Unless you are changing how the data is fetched or processed, you don't need to run this notebook. When this notebook is run, data source creation will be serialized to the catalog. Once `datasources.json` catalog file has been created, you won't need to run this again.

In [None]:
# Basic utility functions
import logging
import pathlib
import os

In [None]:
# Easydata Imports
from src import paths
from src.log import logger

In [None]:
logger.setLevel(logging.DEBUG)

In [None]:
%load_ext autoreload
%autoreload 2

## Create the Data Source
This data source encapsulates the data at:
    https://pages.semanticscholar.org/coronavirus-research



In [None]:
from src.data import DataSource

In [None]:
extract_date = '20200319'
ds_name = f'covid_nlp_{extract_date}'
dsrc = DataSource(ds_name)

### Add Metadata

In [None]:
license_txt = '''COVID DATASET LICENSE AGREEMENT
By accessing, downloading or otherwise using any Journals, Articles, Metadata, Abstracts,
Full-Texts or any other content types provided in the COVID-19 Open Research Dataset (CORD-19)
Database (the “Data”), You expressly acknowledge and agree to the following:

* AI2 grants to You a worldwide, perpetual, non-exclusive, non-transferable
  license to use and make derivatives of the Data for text and data mining only.

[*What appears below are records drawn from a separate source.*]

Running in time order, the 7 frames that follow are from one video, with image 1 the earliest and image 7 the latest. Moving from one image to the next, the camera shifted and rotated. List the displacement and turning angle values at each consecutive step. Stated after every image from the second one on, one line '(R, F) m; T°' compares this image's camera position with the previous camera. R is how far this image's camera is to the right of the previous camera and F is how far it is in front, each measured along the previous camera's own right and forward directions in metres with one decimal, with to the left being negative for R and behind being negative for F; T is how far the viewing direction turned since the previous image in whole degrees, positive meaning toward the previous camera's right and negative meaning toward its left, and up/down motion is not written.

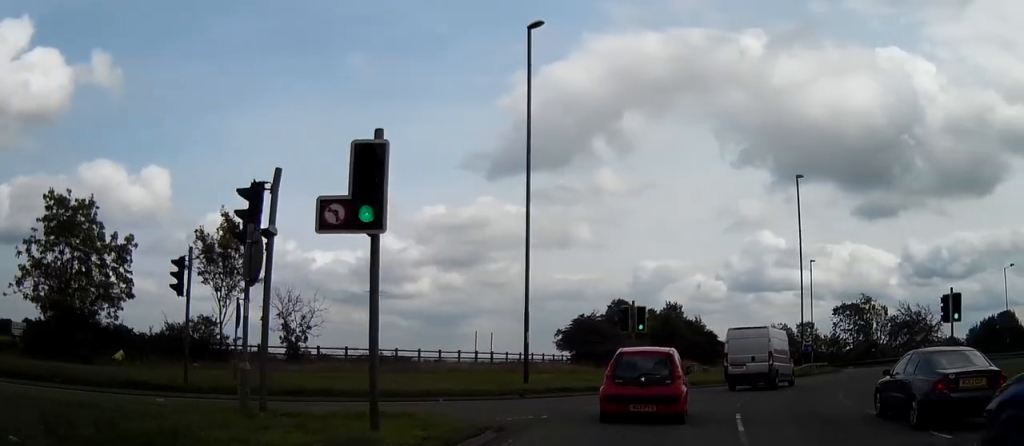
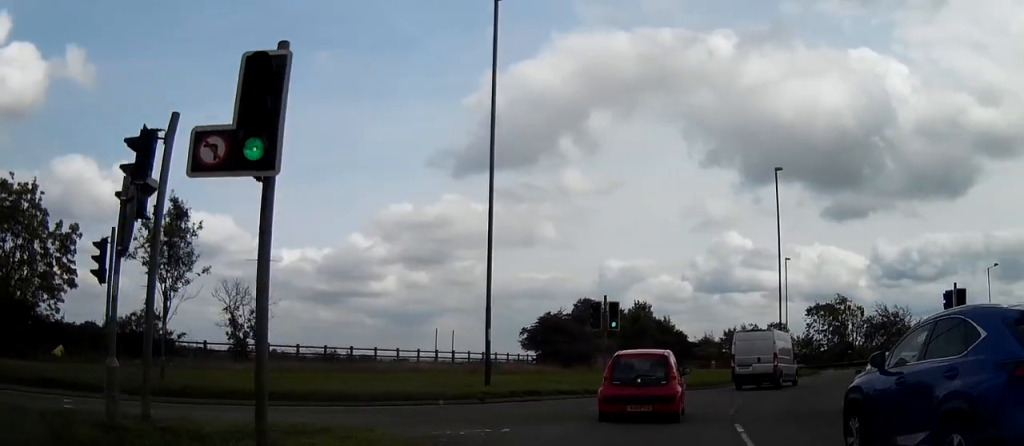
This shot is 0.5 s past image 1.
(+0.1, +2.5) m; +2°
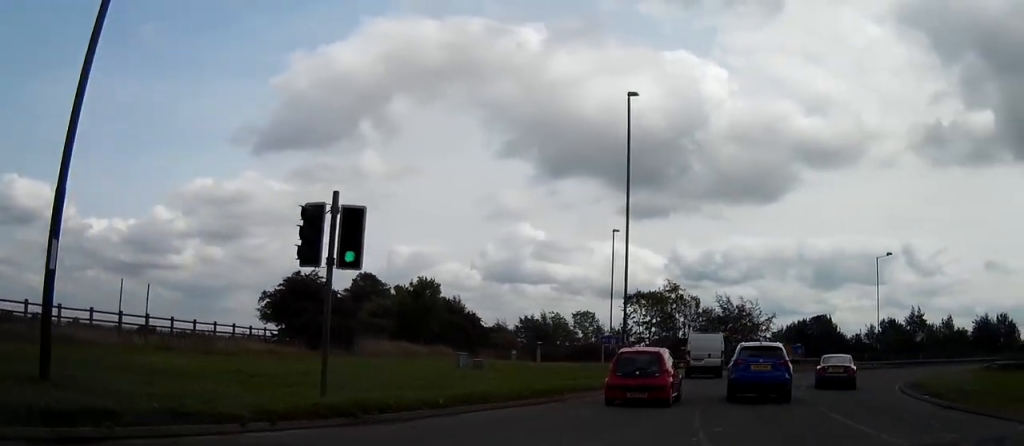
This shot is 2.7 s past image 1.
(+1.7, +14.9) m; +14°
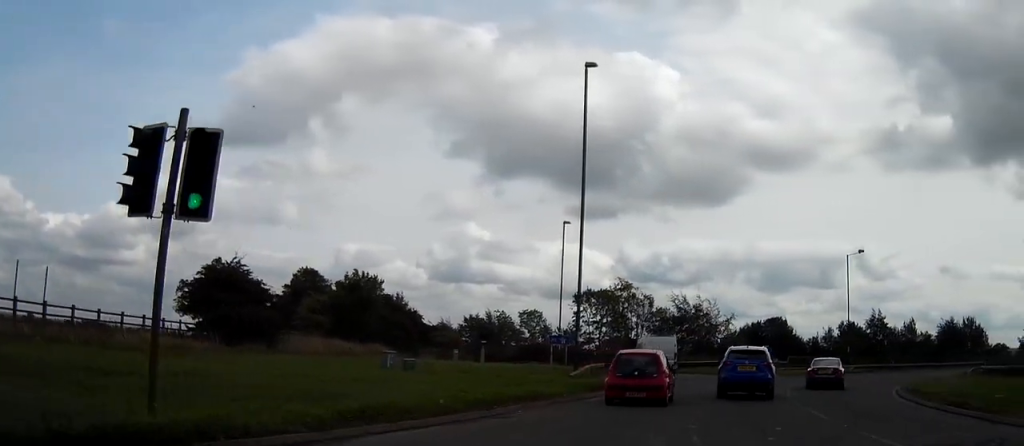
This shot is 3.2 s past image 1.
(+0.1, +4.1) m; +4°
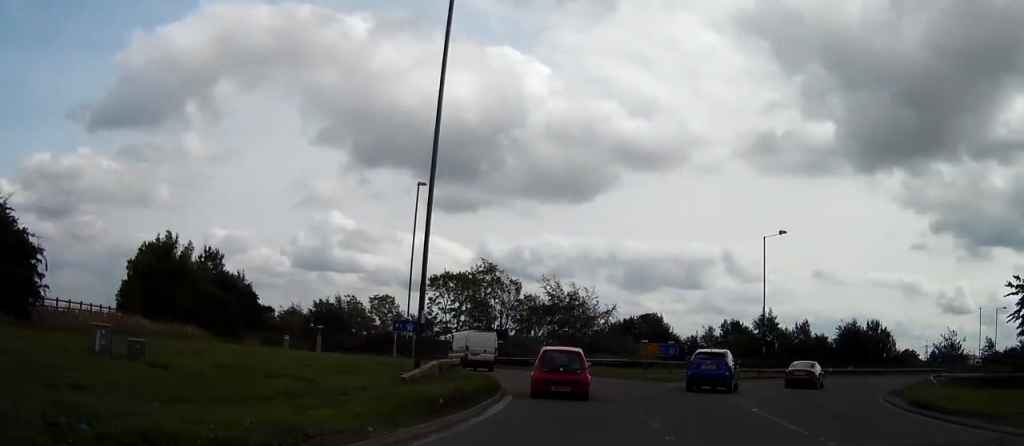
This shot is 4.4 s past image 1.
(+0.8, +10.4) m; +9°
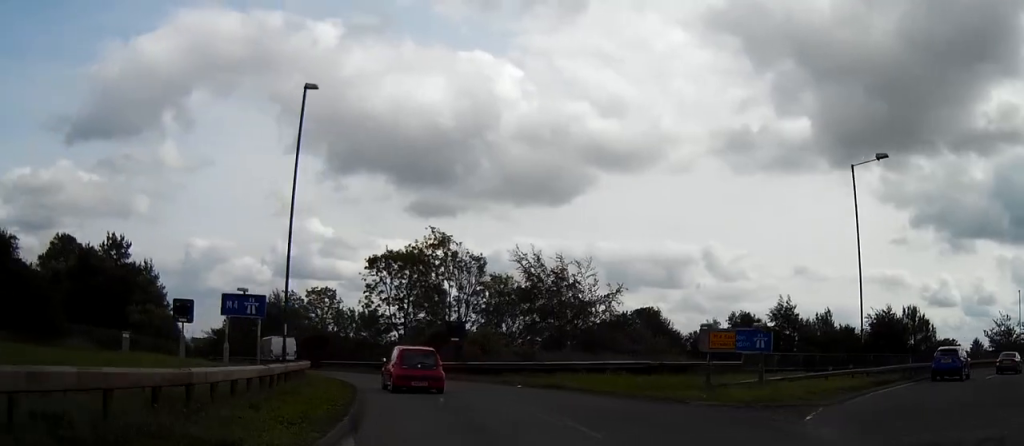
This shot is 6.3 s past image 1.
(+1.8, +19.8) m; +5°
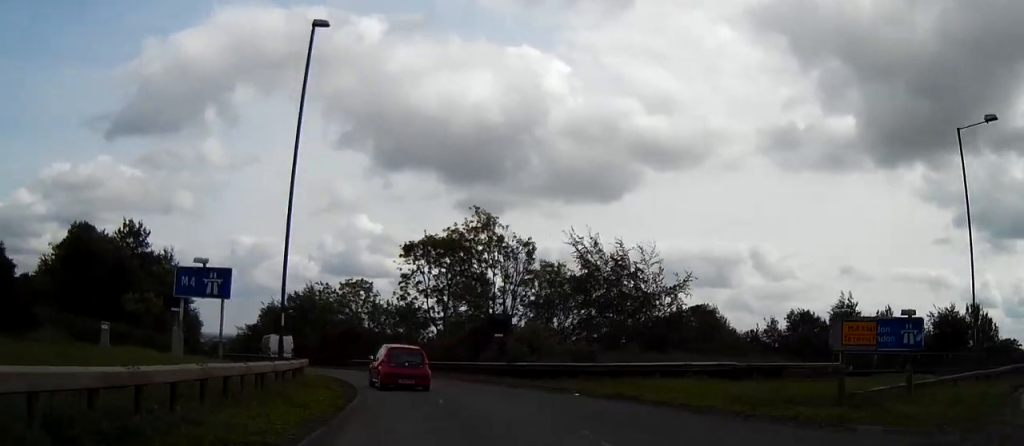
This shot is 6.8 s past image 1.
(+0.1, +5.9) m; -2°

* AI2 warrants that it has the right to make the Data available to You as
  provided for in and subject to this Agreement and in accordance with applicable law. 
  EXCEPT FOR THE LIMITED WARRANTY IN THIS SECTION, THE DATA IS PROVIDED “AS IS”, WITHOUT ANY
  WARRANTIES OF ANY KIND. 

* You agree to comply with all applicable local, state, national, and international laws
  and regulations with respect to AI2’s license and Youruse of the Data.

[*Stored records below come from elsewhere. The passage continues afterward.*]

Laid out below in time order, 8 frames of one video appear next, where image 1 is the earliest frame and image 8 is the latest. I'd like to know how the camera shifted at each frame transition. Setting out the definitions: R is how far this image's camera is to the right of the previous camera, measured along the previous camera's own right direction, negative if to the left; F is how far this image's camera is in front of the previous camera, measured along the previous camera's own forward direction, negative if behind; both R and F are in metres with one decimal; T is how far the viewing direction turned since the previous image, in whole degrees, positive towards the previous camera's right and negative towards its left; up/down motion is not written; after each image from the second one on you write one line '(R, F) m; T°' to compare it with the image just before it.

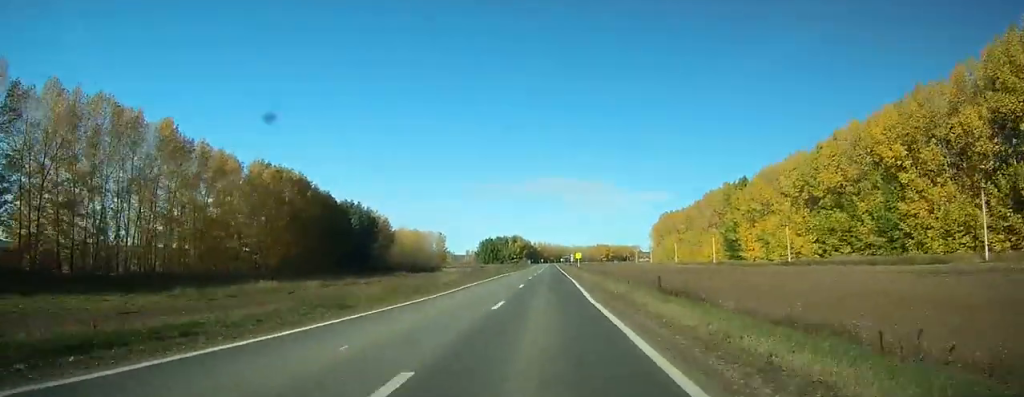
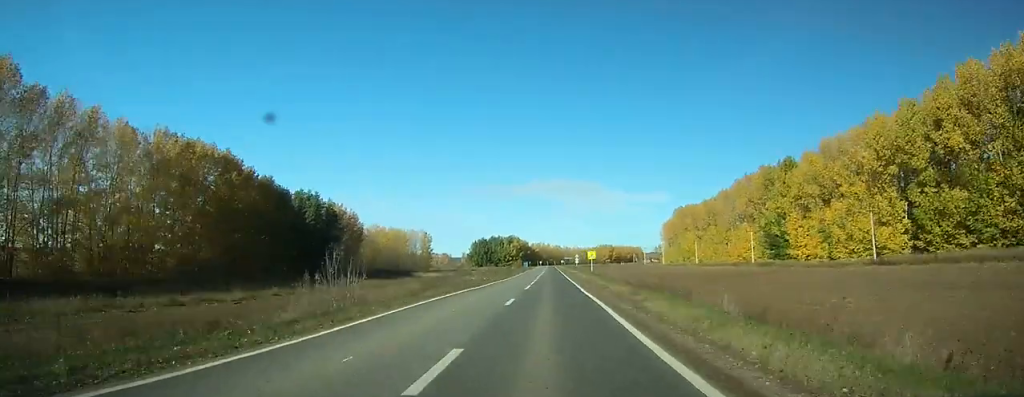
(0.0, +31.7) m; 0°
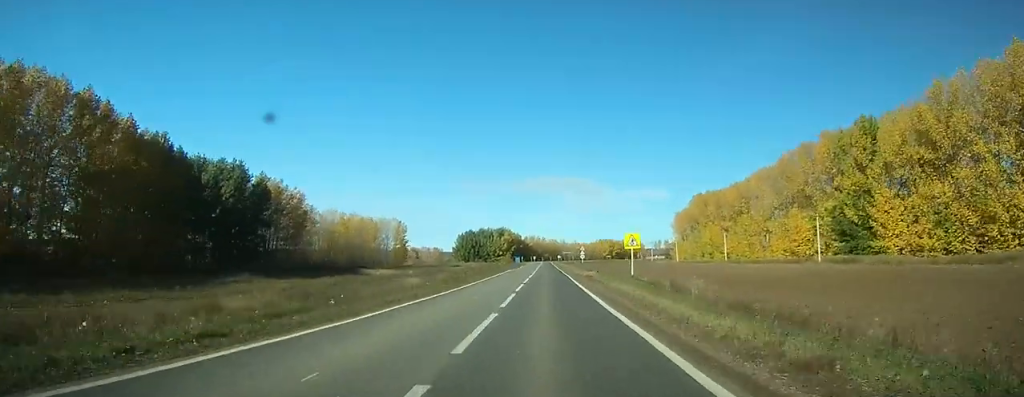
(+0.2, +37.4) m; 0°
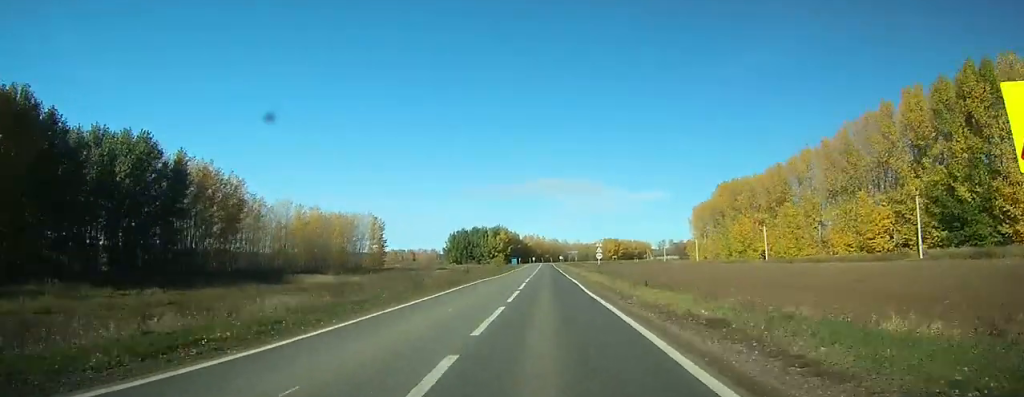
(0.0, +29.2) m; 0°
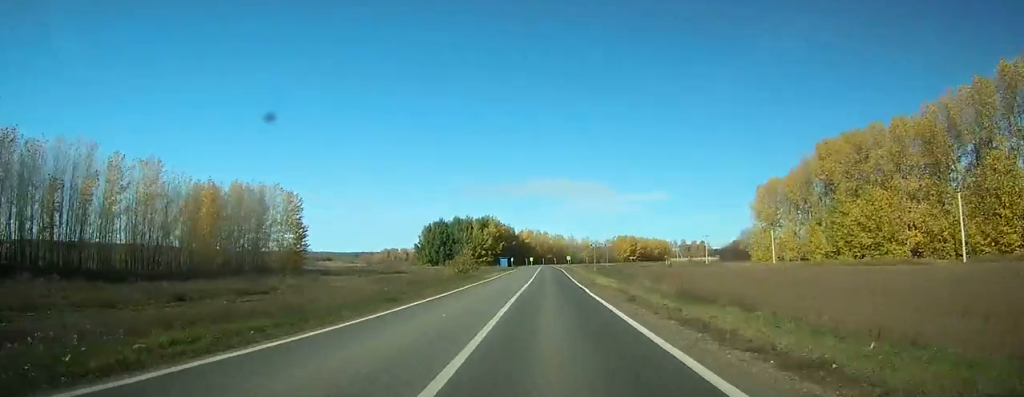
(-0.2, +61.6) m; 0°
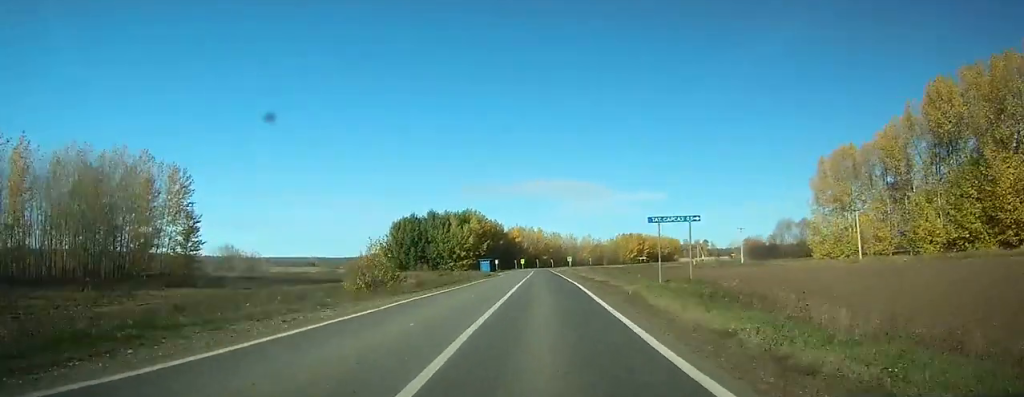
(-0.1, +36.5) m; 0°
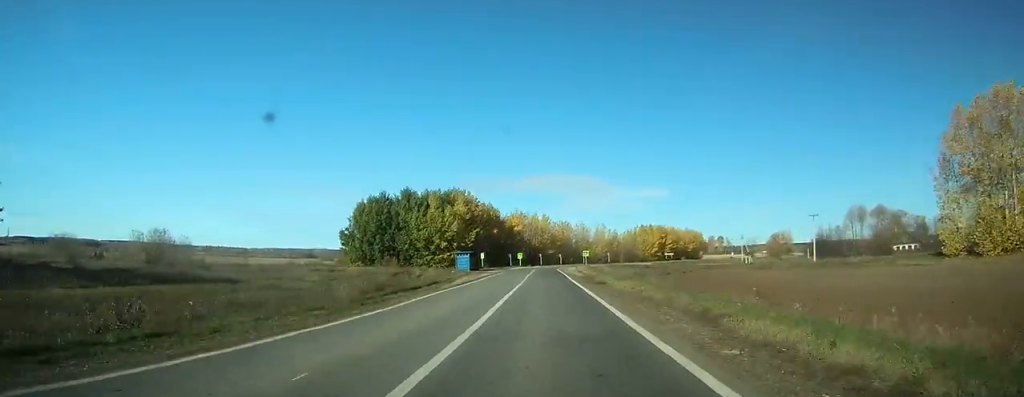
(0.0, +37.5) m; 0°
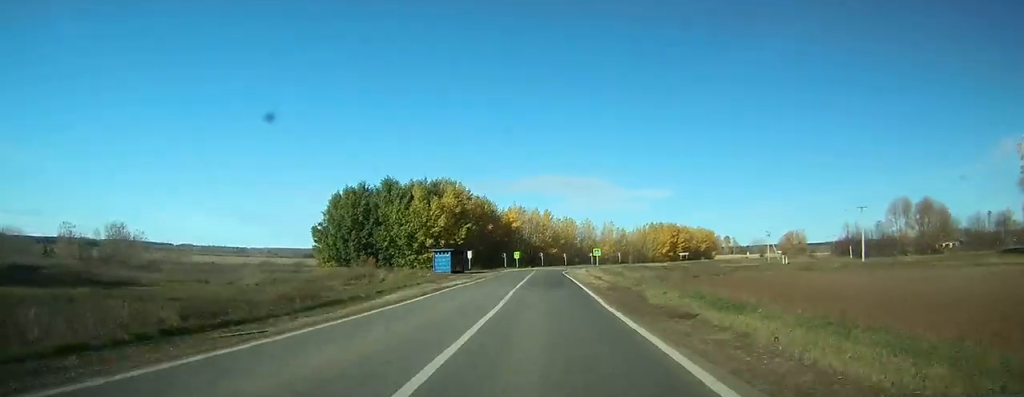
(0.0, +17.4) m; 0°

* Data provided by AI2 is from copyrighted sources of the respective copyright holders.
  You are solely responsible for Your and Your users’ compliance with any copyright, patent
  or trademark restrictions and are referred to the copyright, patent or trademark notices
  appearing in the original sources, all of which are hereby incorporated by reference.
'''

In [None]:
readme_txt = '''COVID-19 Open Research Dataset (CORD-19)
Participate in the CORD-19 Challenge

Kaggle is hosting the COVID-19 Open Research Dataset Challenge, a
series of important questions designed to inspire the community
to use CORD-19 to find new insights about the COVID-19 pandemic
including the natural history, transmission, and diagnostics for
the virus, management measures at the human-animal interface,
lessons from previous epidemiological studies, and more.
Download CORD-19

By downloading this dataset you are agreeing to the Dataset
License. Specific licensing information for individual articles
in the dataset is available in the metadata file.

Additional licensing information is available on the PMC website,
medRxiv website and bioRxiv website.

Latest release contains papers up until 2020-03-13 with over
13,000 full text articles.

Download here:

    Commercial use subset (includes PMC content) -- 9000 papers, 186Mb
    Non-commercial use subset (includes PMC content) -- 1973 papers, 36Mb
    PMC custom license subset -- 1426 papers, 19Mb
    bioRxiv/medRxiv subset (pre-prints that are not peer reviewed) -- 803 papers, 13Mb
    Metadata file -- 47Mb
    Readme

Each paper is represented as a single JSON object. The schema is
available here.

Description:

The dataset contains all COVID-19 and coronavirus-related
research (e.g. SARS, MERS, etc.) from the following sources:

* PubMed's PMC open access corpus using this query
  (COVID-19 and coronavirus research)
* Additional COVID-19 research articles from a corpus
  maintained by the WHO
* bioRxiv and medRxiv pre-prints using the same query
  as PMC (COVID-19 and coronavirus research)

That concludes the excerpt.